Czapka wnosząca radość
12-10-2006
Bardzo długo szukałem czapki biegowej z prawdziwego zdarzenia. Chodzi mi tu o czapkę letnią, przewiewną, odprowadzającą pot.
Paradoks naszego, rynku, jeśli chodzi o biegaczy polega na tym, iż chyba rzadko, kto z projektantów odzieży konsultuje się z docelowym użytkownikiem, czyli z nami biegaczami. I tak szukając czapki runnera, trafiałem na niesamowicie wymyślne technologie, wyszukane stylistyki. Niestety nie trafiłem na jedno, czego szukałem:
-czapki w miarę prostej stylistycznie, z oddychającego materiału i przede wszystkim BIAŁEJ, względnie w jasnym kolorze.
Widząc ofertę warszawskich sklepów chciało się wręcz wykrzyczeć:
- Ludzie myślcie trochę, po kie licho mi super, ekstra, hiper, odjazdowa, dry-fitowa czapeczka na 38-mio stopniowy upał ……. w kolorze czarnym L
Wiadomo przecież że ten kolor ściąga promienie słoneczne, a startujący w maratonie w taką pogodę ugotuje sobie przyrząd do myślenia.
Taką właśnie (białą) czapkę wybrałem sobie w adidasie, co prawda stylistyką przypomina ona nieco czapkę do tenisa, ale zupełnie mi to nie przeszkadza.
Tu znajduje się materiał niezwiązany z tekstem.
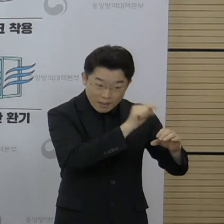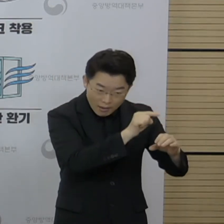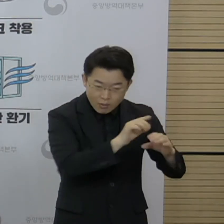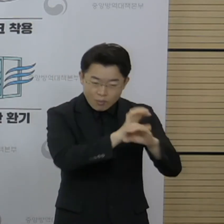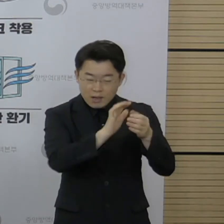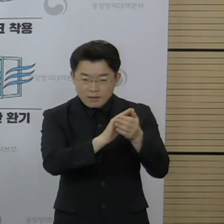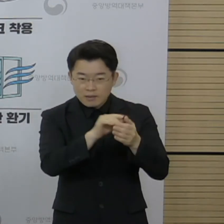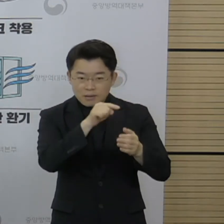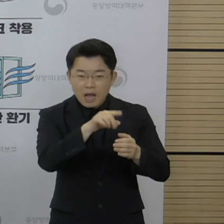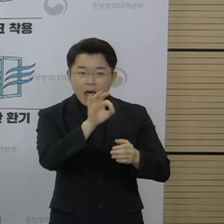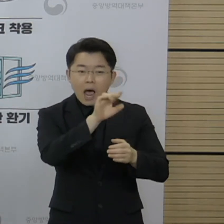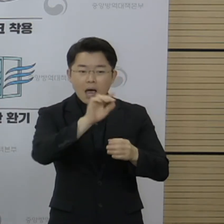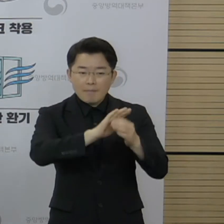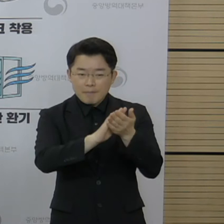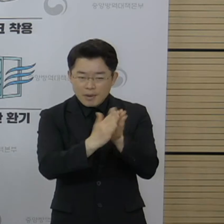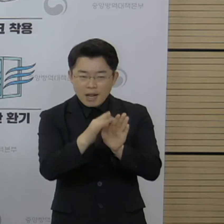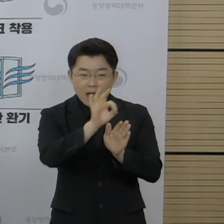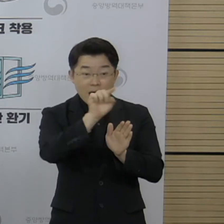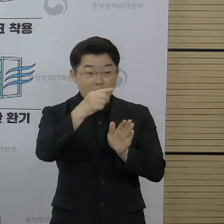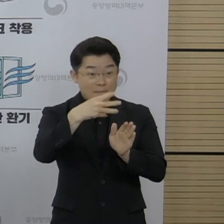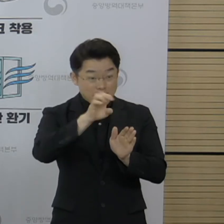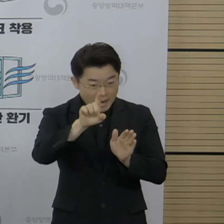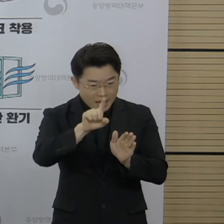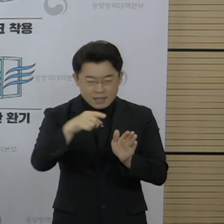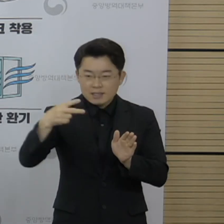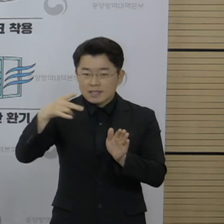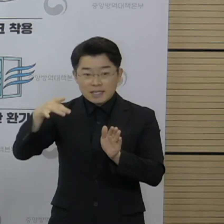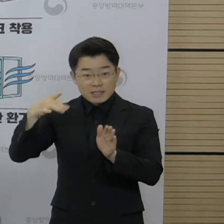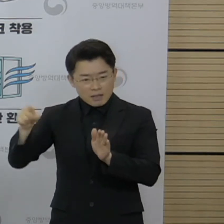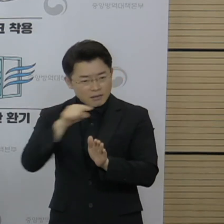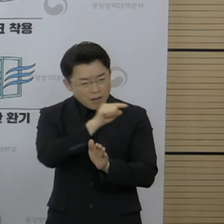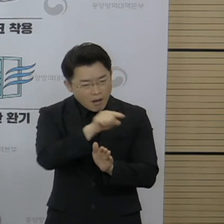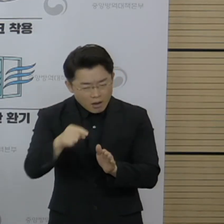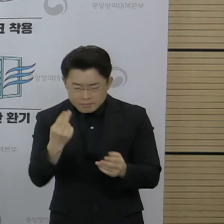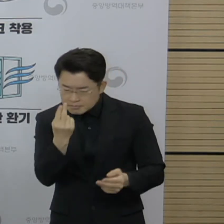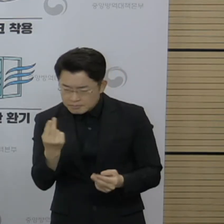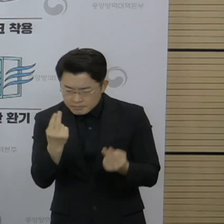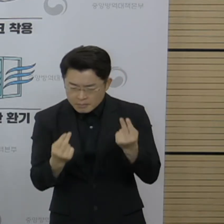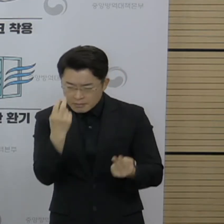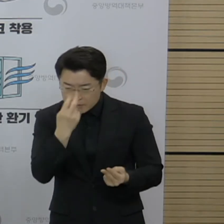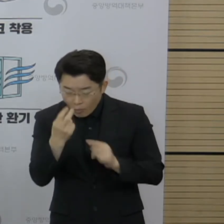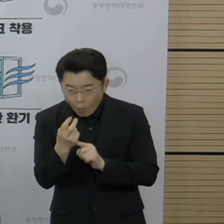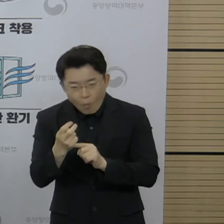또는 알파형 변이 바이러스와의 배양 기간 차이가 없음을 확인하였습니다.

Dodatkowo oprócz wcześniej wymienionych czapeczka ma jedną wielką zaletę. Tuż przy mocowaniu daszka posiada specjalną grubszą warstwę materiału. Co to dajeś
-ano bardzo wiele:
W gorące dni, gdy człowiek po przebiegnięcie kilometra jest cały mokry, warstwa ta zbiera i odparowuje pot na zewnątrz nie pozwalając, aby ten dostawał się do oczu. Oczka nie szczypią i przysłowiowo jest GIT J
W chłodniejsze, wietrzne dni opisana warstwa znajduje na wysokości zatok. Jeśli ktoś ma problemy z zatokami, na pewno doceni ten pomysł. Za to projektantom, technologom należą się duże brawa.
Niby mała czapeczka, a jak dużo może wnieść radości w trening eliminując nieprzyjemne odczucia mu towarzyszące.